_Task to carry out:_
Each line in the entries that has the word "every" has to be copied.

_Data for the task:_
|---|

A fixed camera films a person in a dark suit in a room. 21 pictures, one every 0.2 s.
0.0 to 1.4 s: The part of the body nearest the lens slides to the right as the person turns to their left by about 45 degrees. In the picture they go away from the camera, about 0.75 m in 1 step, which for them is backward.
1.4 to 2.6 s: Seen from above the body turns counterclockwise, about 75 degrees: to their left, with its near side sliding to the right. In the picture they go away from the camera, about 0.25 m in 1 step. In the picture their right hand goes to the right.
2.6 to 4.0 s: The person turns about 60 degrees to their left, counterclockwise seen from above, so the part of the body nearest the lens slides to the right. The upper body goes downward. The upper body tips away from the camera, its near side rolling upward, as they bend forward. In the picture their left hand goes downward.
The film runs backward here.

|---|

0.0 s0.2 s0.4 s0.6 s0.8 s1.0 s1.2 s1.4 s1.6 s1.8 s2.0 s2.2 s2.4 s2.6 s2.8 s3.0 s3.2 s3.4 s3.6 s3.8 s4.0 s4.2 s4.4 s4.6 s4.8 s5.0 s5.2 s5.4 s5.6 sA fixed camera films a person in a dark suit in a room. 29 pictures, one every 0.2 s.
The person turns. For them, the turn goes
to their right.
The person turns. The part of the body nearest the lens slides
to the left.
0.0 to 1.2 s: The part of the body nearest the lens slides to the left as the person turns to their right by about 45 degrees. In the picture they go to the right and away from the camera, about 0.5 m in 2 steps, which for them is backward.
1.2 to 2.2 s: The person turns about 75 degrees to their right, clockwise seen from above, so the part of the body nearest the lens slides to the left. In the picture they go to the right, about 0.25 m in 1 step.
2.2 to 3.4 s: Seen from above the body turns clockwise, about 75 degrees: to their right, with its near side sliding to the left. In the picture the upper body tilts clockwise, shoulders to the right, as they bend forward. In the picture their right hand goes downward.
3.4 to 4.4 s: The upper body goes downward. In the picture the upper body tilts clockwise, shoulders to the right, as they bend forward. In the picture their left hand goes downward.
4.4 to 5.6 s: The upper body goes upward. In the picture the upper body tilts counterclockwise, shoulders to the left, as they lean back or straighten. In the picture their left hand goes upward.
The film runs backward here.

|---|

_Your solution:_
A fixed camera films a person in a dark suit in a room. 21 pictures, one every 0.2 s.
0.0 s0.2 s0.4 s0.6 s0.8 s1.0 s1.2 s1.4 s1.6 s1.8 s2.0 s2.2 s2.4 s2.6 s2.8 s3.0 s3.2 s3.4 s3.6 s3.8 s4.0 s4.2 s4.4 s4.6 s4.8 s5.0 s5.2 s5.4 s5.6 sA fixed camera films a person in a dark suit in a room. 29 pictures, one every 0.2 s.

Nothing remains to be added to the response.